The tribe filed another claim in the Court of Claims for the mismanagement of commission judgment funds as well as other monies. The tribe was compensated in the amount of $271,431 in 1981.

Following the construction of Grand Coulee Dam on the Columbia River in central Washington (1939), salmon were prevented from migrating, thus disrupting the Spokane fishery. In addition, the waters behind the dam rose nearly 400 feet, which flooded numerous tribal lands and cultural sites. The tribe struggled for years to win compensation from the federal government, which culminated in H.R. 1753, submitted by U.S. Rep. George R. Nethercutt Jr. and two co-sponsors in April 2003.

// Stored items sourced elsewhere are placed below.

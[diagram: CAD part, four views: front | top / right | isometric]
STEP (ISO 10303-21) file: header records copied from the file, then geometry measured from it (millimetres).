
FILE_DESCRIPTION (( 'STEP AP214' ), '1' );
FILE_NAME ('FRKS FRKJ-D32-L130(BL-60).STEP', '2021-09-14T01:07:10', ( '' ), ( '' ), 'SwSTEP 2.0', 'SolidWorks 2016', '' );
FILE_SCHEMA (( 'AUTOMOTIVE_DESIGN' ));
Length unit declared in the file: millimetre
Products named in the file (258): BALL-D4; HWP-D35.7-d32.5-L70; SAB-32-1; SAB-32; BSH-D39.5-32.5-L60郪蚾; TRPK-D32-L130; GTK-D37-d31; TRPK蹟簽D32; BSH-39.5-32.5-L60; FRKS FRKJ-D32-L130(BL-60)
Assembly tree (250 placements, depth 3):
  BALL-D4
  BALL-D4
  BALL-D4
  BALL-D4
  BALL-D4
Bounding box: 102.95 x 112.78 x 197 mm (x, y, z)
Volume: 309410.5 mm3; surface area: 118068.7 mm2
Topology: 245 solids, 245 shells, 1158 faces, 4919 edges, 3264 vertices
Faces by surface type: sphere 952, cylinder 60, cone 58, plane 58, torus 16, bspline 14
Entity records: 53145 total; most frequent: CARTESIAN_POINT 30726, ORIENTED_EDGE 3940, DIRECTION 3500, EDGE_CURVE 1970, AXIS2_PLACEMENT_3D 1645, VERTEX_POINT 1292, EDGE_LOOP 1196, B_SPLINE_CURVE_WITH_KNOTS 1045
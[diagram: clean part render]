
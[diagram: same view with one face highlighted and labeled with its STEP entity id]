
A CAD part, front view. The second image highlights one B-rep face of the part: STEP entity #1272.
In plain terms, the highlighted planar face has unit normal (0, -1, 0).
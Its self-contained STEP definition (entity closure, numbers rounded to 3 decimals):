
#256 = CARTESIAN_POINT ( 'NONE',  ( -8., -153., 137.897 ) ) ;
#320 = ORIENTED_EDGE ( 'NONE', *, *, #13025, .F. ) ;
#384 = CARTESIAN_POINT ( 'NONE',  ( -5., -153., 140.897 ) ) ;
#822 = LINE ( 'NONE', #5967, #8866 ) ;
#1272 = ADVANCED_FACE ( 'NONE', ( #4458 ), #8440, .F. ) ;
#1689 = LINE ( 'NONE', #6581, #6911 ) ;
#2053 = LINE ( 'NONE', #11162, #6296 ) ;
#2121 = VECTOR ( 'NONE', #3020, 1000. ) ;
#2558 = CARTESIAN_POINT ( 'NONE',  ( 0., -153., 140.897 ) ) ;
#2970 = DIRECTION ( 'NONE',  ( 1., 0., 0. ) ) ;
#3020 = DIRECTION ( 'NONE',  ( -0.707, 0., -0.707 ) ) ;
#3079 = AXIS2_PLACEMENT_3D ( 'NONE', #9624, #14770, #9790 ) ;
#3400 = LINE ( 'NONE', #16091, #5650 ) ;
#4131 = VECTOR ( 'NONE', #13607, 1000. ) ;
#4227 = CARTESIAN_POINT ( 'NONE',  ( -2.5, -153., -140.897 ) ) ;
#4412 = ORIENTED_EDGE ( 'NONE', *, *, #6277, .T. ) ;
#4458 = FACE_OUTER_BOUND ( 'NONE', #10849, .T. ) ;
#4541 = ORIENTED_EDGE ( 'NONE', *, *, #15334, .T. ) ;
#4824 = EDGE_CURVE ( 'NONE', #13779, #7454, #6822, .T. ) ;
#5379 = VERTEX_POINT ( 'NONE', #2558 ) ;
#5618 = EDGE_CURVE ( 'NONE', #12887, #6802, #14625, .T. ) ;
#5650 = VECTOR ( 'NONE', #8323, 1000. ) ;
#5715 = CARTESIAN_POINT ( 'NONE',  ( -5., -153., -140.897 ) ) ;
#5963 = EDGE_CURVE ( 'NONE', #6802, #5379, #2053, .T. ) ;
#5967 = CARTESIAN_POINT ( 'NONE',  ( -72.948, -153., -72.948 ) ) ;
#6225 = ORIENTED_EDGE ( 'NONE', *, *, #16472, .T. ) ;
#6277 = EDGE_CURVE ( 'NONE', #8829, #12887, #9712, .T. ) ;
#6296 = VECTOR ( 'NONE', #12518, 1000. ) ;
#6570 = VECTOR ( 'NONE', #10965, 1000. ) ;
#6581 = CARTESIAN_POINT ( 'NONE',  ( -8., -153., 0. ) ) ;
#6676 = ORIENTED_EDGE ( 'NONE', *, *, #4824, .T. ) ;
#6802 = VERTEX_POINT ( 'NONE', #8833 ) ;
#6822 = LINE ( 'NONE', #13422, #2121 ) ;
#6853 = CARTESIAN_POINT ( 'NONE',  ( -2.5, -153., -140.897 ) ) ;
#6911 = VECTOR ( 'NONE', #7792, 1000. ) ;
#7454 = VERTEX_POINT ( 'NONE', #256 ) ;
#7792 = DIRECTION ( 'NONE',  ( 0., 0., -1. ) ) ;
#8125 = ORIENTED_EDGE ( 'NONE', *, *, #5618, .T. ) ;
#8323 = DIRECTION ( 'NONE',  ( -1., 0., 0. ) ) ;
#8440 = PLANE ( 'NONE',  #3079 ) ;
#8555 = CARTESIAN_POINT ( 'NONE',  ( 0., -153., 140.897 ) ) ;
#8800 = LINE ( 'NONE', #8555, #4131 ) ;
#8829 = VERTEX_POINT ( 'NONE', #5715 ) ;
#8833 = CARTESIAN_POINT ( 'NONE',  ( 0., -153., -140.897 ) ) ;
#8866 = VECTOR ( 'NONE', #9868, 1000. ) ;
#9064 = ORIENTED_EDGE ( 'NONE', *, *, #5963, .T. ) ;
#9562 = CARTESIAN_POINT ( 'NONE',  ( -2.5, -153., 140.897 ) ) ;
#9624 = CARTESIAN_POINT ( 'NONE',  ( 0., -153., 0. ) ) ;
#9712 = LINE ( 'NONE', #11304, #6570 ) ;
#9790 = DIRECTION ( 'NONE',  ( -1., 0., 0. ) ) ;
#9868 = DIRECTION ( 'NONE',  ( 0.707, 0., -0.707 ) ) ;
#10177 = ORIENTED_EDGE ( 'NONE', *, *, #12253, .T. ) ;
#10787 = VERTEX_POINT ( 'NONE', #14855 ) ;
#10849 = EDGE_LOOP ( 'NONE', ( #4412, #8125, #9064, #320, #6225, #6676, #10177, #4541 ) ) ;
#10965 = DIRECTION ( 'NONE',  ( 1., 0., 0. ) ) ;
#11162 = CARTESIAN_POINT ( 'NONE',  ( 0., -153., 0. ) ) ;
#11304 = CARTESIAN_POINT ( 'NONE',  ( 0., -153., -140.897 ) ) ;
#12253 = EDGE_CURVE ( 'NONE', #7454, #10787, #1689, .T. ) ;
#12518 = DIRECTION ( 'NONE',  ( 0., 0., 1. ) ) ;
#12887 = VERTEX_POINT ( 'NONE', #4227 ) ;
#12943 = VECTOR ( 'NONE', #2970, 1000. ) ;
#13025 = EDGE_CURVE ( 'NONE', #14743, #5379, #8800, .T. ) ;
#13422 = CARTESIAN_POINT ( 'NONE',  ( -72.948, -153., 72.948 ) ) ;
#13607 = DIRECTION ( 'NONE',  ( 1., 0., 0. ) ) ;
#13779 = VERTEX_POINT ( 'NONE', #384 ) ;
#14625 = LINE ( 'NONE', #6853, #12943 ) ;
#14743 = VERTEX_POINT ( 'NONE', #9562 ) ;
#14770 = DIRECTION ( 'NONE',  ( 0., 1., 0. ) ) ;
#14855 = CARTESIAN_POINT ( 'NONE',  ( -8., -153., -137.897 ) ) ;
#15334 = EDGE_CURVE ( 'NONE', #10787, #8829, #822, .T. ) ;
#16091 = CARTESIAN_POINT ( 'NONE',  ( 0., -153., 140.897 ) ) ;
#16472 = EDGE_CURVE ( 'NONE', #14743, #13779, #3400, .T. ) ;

The bill would provide for equitable compensation of the Spokane Tribe of Indians of the Spokane Reservation in settlement of claims of the Tribe concerning the contribution [sacrifice made] of the Tribe to the production of hydropower by the Grand Coulee Dam, and for other purposes.”

In October 2003, the bill was scheduled for subcommittee hearings. In 2004, the Spokane Settlement Bill was passed by the U.S. Senate, but died in the House. In 2005, Representative Cathy McMorris Rodgers introduced and supported passage of settlement legislation in the House, but the bill died in the Senate.

The Colville Tribe received a one-time payment of $53 million to compensate for its loss of land after Congress passed legislation in 1994 to provide the tribe a share of hydroelectric power revenue. Attempts by the Spokane Tribe to gain similar compensation have fizzled, with both chambers failing to act on two separate occasions in the last eight years.

Today, the “Spokane Tribe of Indians of the Spokane Reservation Grand Coulee Dam Equitable Compensation Settlement Act” has been introduced in Congress under bill numbers S. 1388 and H.R. 3097.